İlkokul çağlarından beri vaktinde uyumanın önemi anlatılagelmiştir. Uyku kimi insanların fazlasına kaçarak abarttığı, kimi insanların ise ulaşmakta zorlandığı bir dinlenme sanatı olarak karşımıza çıkıyor. Az uyumak da, fazla uyumak da, insan sağlığını hem zihinsel hem de fiziksel olarak olumsuz etkileyebiliyor.
İyi bir uyku vücudumuzun kendini onarmasına ve olması gerektiği gibi çalışmasına yardımcı olur. Aynı zamanda daha iyi zihinsel aktiviteler göstermemizi sağlar ve hastalık riskini azaltır. Fakat az uyumak gibi fazla uyumak da tüm bunların aksine bazı sorunlara yol açabilir. Washington Üniversitesi Tıp Fakültesi’nden araştırmacılar yayınladıkları makalede, fazla uyumanın bilişsel sorunlarla ve hastalıklarla bağlantılı olabileceğini ifade etti.
“Hafta sonu kaçamakları zarar vermiyor”
Araştırmacılar 70’li yaşlardaki 100 yaşlı insanı 4-5 yıl boyunca takip ederek incelediler.
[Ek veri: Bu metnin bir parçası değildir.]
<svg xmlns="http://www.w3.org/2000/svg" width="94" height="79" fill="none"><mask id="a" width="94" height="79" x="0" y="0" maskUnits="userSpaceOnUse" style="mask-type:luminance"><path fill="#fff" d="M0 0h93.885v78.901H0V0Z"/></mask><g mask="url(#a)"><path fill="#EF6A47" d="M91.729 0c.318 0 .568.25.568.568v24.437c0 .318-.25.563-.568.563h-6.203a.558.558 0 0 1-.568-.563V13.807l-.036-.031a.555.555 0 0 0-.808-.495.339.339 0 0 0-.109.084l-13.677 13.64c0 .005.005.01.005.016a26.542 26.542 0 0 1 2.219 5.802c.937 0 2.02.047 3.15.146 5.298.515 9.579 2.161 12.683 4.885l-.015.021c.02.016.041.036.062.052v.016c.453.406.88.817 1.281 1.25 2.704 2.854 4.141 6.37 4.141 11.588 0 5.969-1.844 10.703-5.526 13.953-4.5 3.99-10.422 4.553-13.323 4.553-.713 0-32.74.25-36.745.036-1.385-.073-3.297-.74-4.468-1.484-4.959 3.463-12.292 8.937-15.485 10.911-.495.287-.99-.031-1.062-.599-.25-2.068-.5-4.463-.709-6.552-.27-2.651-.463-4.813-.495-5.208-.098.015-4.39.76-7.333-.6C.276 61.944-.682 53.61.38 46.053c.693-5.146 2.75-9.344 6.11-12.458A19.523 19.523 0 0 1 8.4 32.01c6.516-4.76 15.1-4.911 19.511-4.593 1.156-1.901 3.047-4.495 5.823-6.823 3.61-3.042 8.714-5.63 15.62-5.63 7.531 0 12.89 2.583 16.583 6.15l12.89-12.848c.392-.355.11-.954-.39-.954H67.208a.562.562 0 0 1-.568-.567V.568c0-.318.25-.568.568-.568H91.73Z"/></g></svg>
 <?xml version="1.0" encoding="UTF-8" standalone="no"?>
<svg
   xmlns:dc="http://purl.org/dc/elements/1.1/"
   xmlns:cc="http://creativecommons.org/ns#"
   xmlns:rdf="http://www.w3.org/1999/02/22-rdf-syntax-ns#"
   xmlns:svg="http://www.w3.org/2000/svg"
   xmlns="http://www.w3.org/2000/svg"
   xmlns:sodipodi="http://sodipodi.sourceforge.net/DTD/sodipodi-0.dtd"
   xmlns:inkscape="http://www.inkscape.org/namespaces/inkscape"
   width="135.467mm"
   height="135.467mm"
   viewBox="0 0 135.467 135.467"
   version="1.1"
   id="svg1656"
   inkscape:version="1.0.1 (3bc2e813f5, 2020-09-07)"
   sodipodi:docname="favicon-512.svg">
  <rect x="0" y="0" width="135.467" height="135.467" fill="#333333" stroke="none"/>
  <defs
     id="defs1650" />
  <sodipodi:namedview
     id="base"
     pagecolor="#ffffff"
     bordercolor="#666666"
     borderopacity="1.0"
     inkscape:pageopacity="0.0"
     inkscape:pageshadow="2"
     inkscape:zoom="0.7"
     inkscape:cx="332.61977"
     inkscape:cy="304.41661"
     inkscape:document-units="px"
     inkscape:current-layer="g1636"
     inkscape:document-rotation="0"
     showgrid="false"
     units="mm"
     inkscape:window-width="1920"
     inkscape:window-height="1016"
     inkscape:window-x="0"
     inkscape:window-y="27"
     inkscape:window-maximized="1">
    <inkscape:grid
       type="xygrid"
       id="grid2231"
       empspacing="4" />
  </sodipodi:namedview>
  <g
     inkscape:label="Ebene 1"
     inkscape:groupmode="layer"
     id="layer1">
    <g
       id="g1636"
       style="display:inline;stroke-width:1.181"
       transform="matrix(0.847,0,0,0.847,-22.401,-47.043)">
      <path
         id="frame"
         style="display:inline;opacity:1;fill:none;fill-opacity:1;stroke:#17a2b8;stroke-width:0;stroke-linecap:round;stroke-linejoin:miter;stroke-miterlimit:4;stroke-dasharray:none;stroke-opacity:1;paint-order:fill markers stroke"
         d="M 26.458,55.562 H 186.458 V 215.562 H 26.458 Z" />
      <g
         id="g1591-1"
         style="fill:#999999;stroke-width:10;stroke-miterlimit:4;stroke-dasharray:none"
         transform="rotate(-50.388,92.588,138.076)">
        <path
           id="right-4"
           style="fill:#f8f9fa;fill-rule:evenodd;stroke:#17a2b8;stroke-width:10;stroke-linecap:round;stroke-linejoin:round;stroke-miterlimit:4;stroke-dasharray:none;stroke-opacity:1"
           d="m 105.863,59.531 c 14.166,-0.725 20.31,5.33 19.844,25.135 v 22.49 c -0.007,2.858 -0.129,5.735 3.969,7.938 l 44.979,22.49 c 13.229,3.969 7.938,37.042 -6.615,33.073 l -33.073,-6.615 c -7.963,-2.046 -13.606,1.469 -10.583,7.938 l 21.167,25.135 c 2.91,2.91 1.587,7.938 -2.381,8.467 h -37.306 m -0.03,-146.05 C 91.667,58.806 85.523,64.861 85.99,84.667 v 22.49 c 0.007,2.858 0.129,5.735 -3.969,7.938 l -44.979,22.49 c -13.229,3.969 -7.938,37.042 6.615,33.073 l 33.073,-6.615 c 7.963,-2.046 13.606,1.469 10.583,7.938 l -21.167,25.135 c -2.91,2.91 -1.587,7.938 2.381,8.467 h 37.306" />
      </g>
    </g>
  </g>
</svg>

Bu yüz kişiden 88’i herhangi bir demans belirtisi göstermedi. 12 kişinin ise demans öncesi bilişsel bozulma aşamasında olduğu tespit edildi. Çalışma süresince katılımcılardan bazı bilişsel ve nöropsikolojik testleri tamamlamaları istendi. Bu testlerden elde edilen puanlar, Preklinik Alzheimer Bilişsel Bileşik (PACC) puanı adı verilen bir tek puan sisteminde birleştirildi. Buna göre, skor ne kadar yüksek olursa bilişsel durum da zaman içinde o kadar iyi oluyor.
Katılımcıların alınlarına tek elektrotlu ensefalografi (EEG) cihazı takılarak 4 ile 6 gece arasında uykuları ölçüldü. Bu seneler içinde belirli aralıklarda tekrarlandı. Yapılan tüm bu çalışmalar sonucunda, düşük kaliteli uykunun yanı sıra bir gecede 4,5 saatten az ve 6,5 saatten fazla uyumanın zaman içinde bilişsel gerilemeye sebep olduğu tespit edildi.
Ayrıca uyku süresinin bilişsel işlev üzerindeki etkisinin, bilişsel gerilemede yaş ilerlemesinin etkisiyle benzer olduğu belirlendi. Araştırmadaki tek müjde ise hafta sonu uykucularına geldi. Araştırmacılar, her ne kadar uykunun olağan saati olarak 4,5 saatten az ve 6,5 saatten fazla olmayacak şekilde belirlenmiş olsa da hafta sonu kaçamaklarının bilişsel olarak çok zarar verici olmadığı söyledi.